Exercise objective:
Isolate every line in the records below with "direction" in it.

Records from a data source:

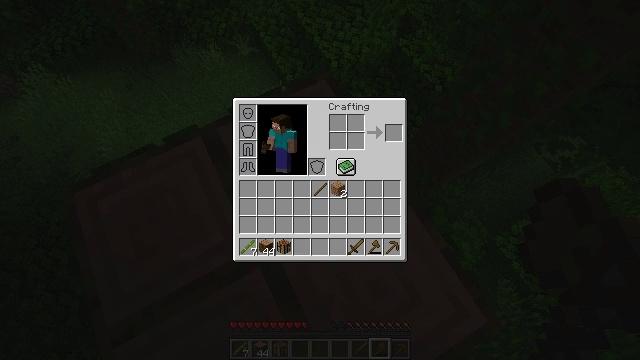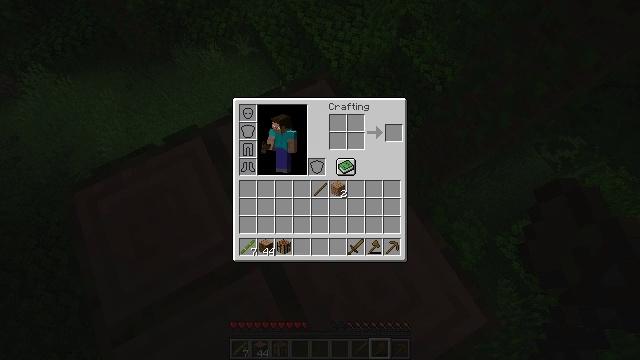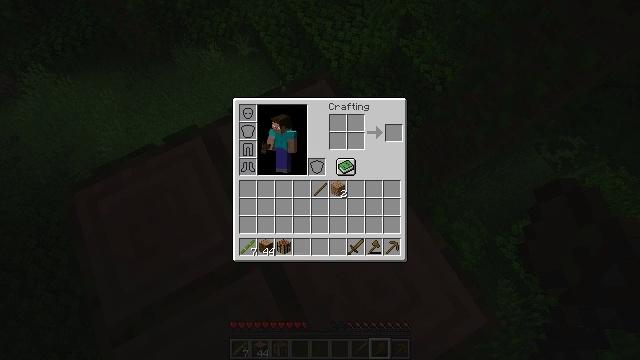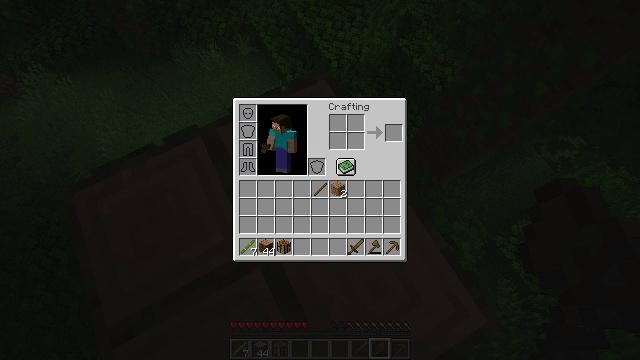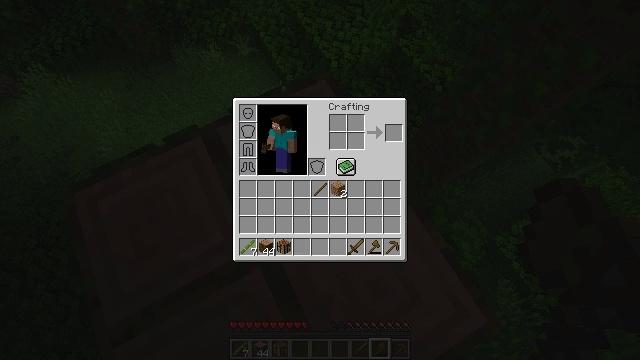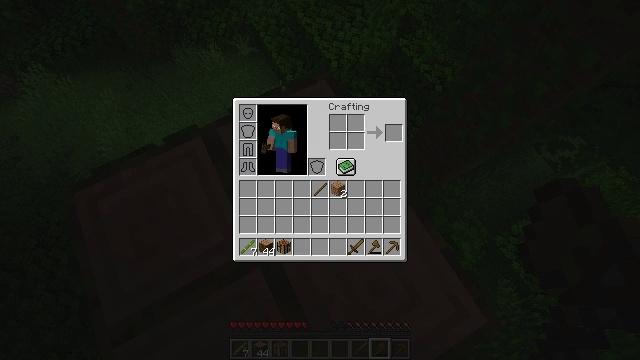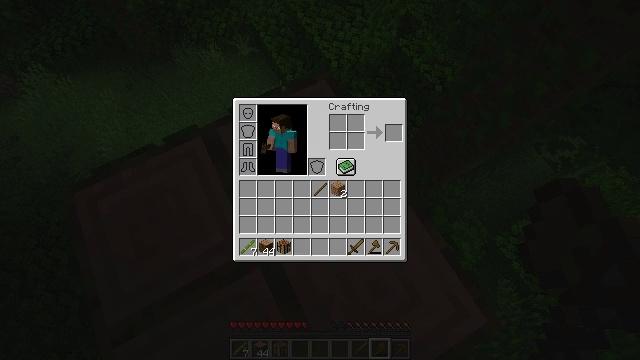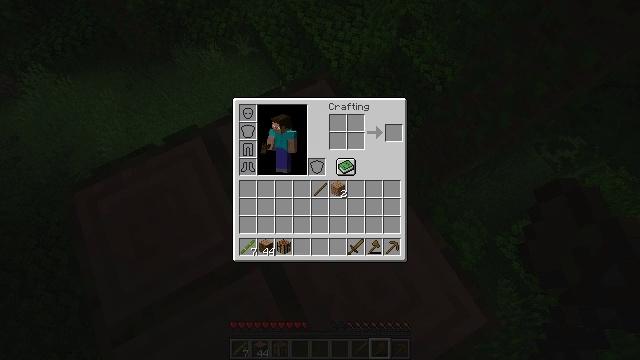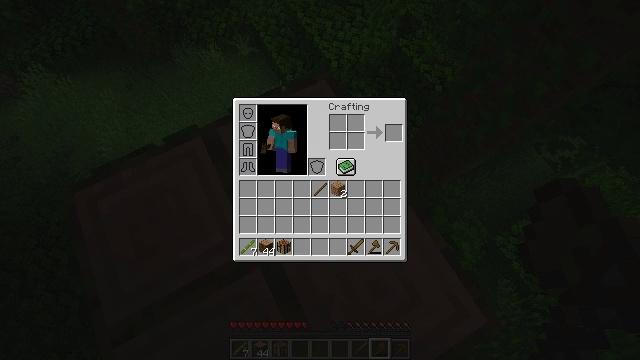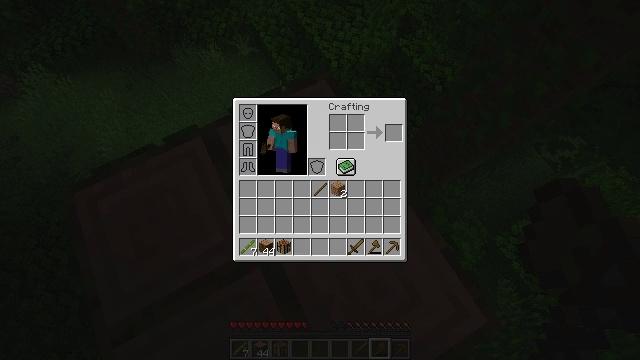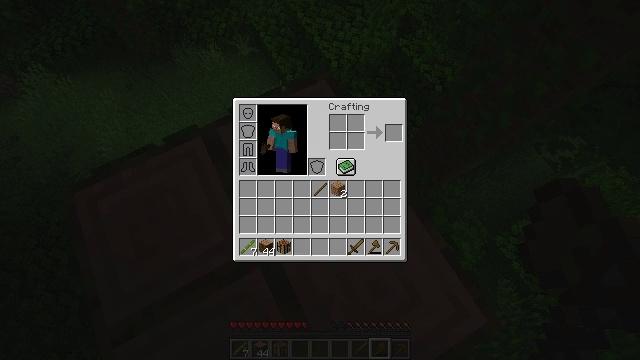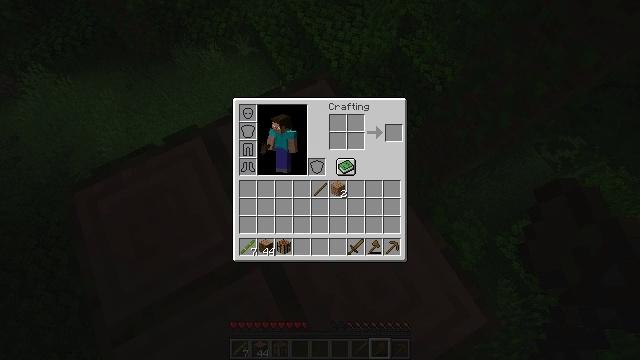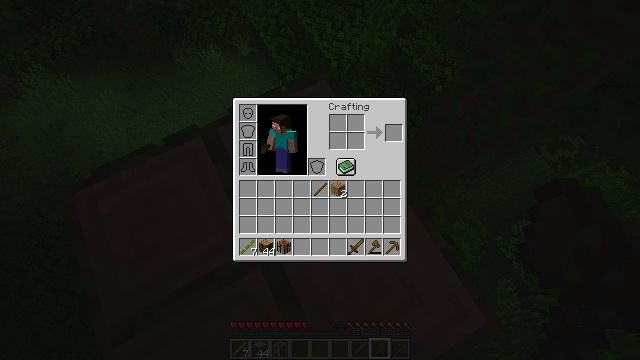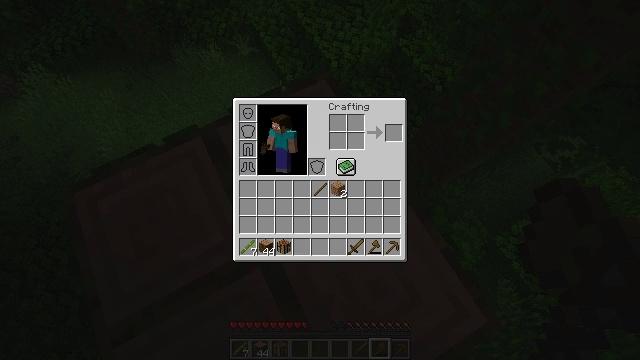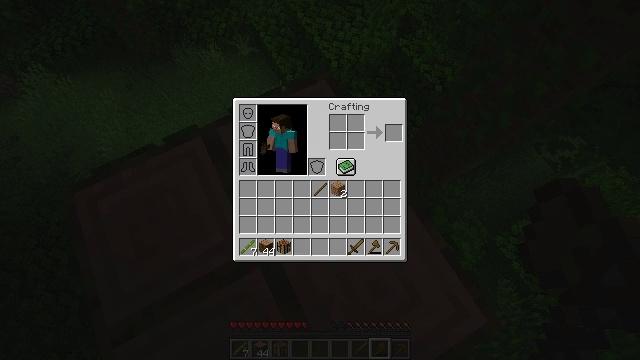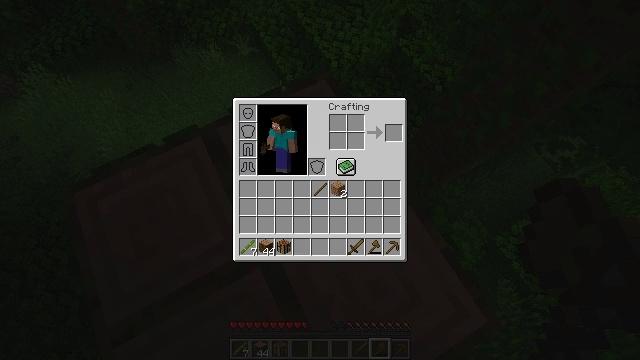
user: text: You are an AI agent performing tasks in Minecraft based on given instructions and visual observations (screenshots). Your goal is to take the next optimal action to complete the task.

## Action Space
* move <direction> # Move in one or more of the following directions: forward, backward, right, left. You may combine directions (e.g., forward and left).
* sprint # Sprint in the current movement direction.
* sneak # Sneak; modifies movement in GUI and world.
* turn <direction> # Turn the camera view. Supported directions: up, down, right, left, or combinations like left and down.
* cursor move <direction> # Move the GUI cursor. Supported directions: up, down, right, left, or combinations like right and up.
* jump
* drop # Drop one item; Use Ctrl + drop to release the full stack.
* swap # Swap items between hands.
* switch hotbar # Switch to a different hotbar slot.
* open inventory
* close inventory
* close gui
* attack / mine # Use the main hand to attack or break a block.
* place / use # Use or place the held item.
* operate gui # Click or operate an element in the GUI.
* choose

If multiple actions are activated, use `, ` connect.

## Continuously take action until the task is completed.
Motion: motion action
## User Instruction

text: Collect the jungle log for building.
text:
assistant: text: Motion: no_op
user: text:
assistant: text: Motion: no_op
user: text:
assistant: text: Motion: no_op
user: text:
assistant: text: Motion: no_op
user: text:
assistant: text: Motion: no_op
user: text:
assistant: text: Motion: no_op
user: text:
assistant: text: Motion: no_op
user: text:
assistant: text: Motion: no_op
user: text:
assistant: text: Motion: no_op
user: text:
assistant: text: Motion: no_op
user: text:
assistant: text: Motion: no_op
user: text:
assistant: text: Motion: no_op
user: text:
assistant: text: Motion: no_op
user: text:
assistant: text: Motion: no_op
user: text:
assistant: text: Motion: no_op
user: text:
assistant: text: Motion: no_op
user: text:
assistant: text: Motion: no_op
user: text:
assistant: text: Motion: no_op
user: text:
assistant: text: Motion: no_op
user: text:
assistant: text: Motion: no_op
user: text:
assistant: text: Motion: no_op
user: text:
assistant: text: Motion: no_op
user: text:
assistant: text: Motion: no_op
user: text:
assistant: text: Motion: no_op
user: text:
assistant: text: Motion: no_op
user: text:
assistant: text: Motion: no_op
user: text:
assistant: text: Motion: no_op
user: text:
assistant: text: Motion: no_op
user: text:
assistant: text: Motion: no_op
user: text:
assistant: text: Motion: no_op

Exercise result:
* move <direction> # Move in one or more of the following directions: forward, backward, right, left. You may combine directions (e.g., forward and left).
* sprint # Sprint in the current movement direction.
* turn <direction> # Turn the camera view. Supported directions: up, down, right, left, or combinations like left and down.
* cursor move <direction> # Move the GUI cursor. Supported directions: up, down, right, left, or combinations like right and up.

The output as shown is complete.